#!/usr/bin/env python
"""
Bimodal distribution (Aniso Shielding Lineshape Inversion)
==========================================================
"""
# %%
# The following example demonstrates the statistical learning based determination of
# the nuclear shielding tensor parameters from a one-dimensional cross-section of a
# magic-angle flipping (MAF) spectrum.
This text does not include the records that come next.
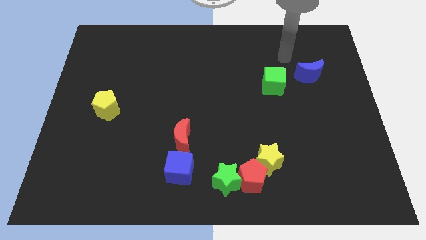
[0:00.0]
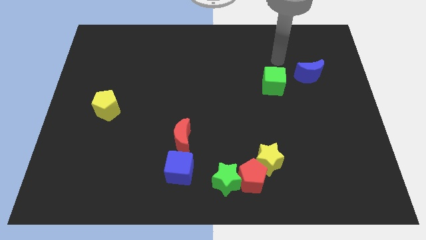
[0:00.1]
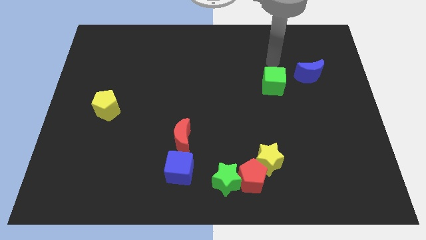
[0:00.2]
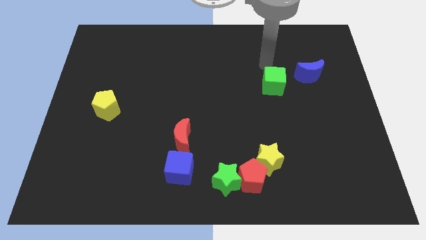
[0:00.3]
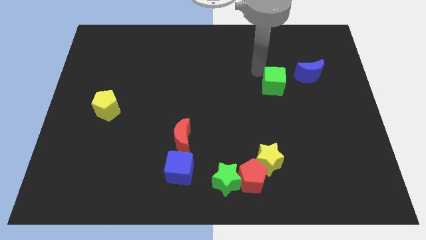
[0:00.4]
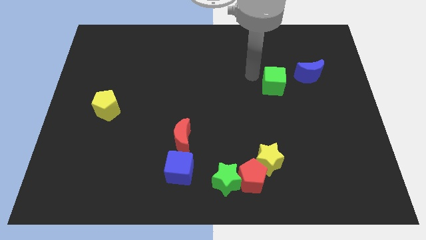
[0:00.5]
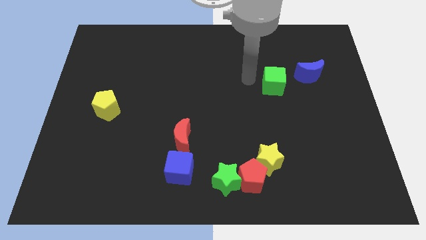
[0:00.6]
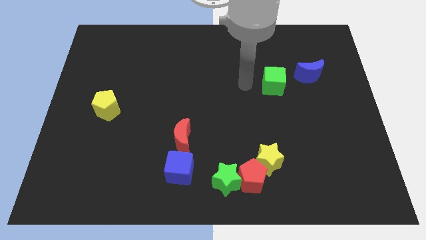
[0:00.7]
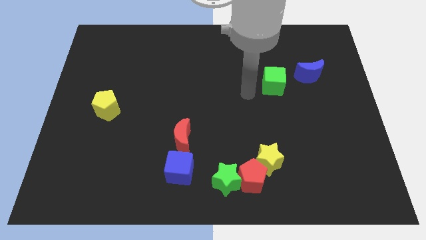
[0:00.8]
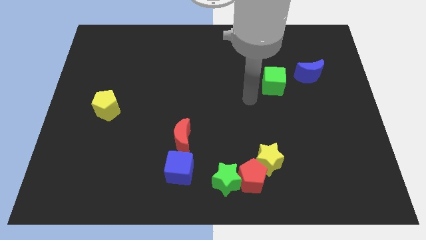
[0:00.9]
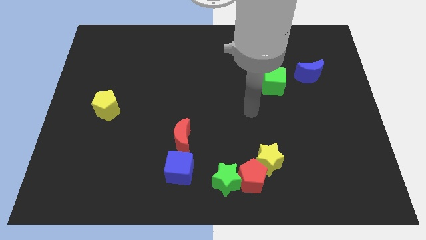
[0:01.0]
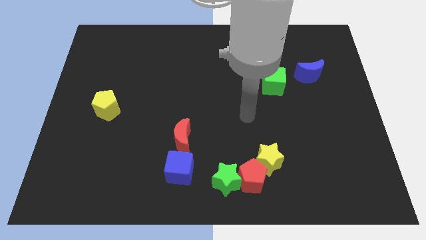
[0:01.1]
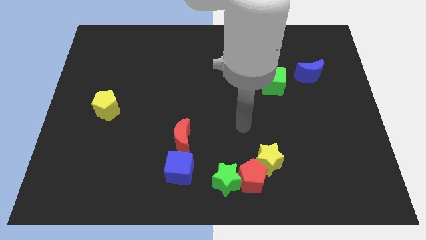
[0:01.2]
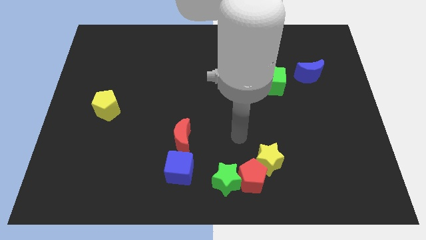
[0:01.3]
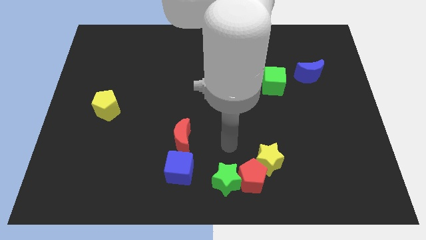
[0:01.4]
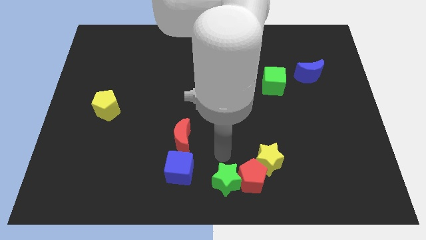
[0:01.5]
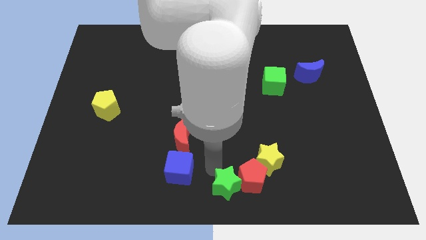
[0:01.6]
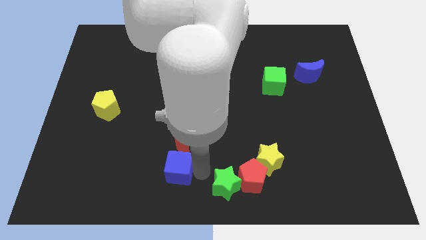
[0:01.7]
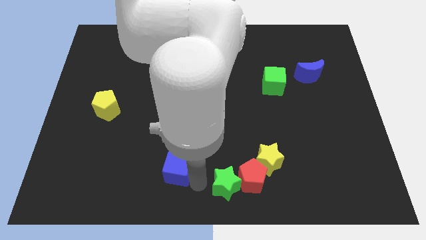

In this example, we use a synthetic MAF
# lineshape from a bimodal tensor distribution.
#
# Before getting started
# ----------------------
#
# Import all relevant packages.
import csdmpy as cp
import matplotlib.pyplot as plt
import numpy as np

from mrinversion.kernel.nmr import ShieldingPALineshape
from mrinversion.linear_model import SmoothLasso, SmoothLassoCV, TSVDCompression
from mrinversion.utils import get_polar_grids

# Setup for the matplotlib figures


# function for 2D x-y plot.
def plot2D(ax, csdm_object, title=""):
    # convert the dimension coordinates of the csdm_object from Hz to pmm.
    _ = [item.to("ppm", "nmr_frequency_ratio") for item in csdm_object.dimensions]

    levels = (np.arange(9) + 1) / 10
    ax.contourf(csdm_object, cmap="gist_ncar", levels=levels)
    ax.grid(None)
    ax.set_title(title)
    get_polar_grids(ax)
    ax.set_aspect("equal")


# %%
# Dataset setup
# -------------
#
# Import the dataset
# ''''''''''''''''''
#
# Load the dataset. Here, we import the dataset as a CSDM data-object.

# the 1D MAF cross-section data in csdm format
domain = "https://ssnmr.org/resources/mrinversion"
filename = f"{domain}/6kcnou9iwqya30utlmzznnbv25iisxxj.csdf"
data_object = cp.load(filename)

# convert the data dimension from `Hz` to `ppm`.
data_object.dimensions[0].to("ppm", "nmr_frequency_ratio")

# %%
# The variable ``data_object`` holds the 1D MAF cross-section. For comparison, let's
# also import the true tensor parameter distribution from which the synthetic 1D pure
# anisotropic MAF cross-section line-shape is simulated.
datafile = f"{domain}/xesah85nd2gtm9yefazmladi697khuwi.csdf"
true_data_object = cp.load(datafile)

# %%
# The plot of the 1D MAF cross-section along with the 2D true tensor parameter
# distribution of the synthetic dataset is shown below.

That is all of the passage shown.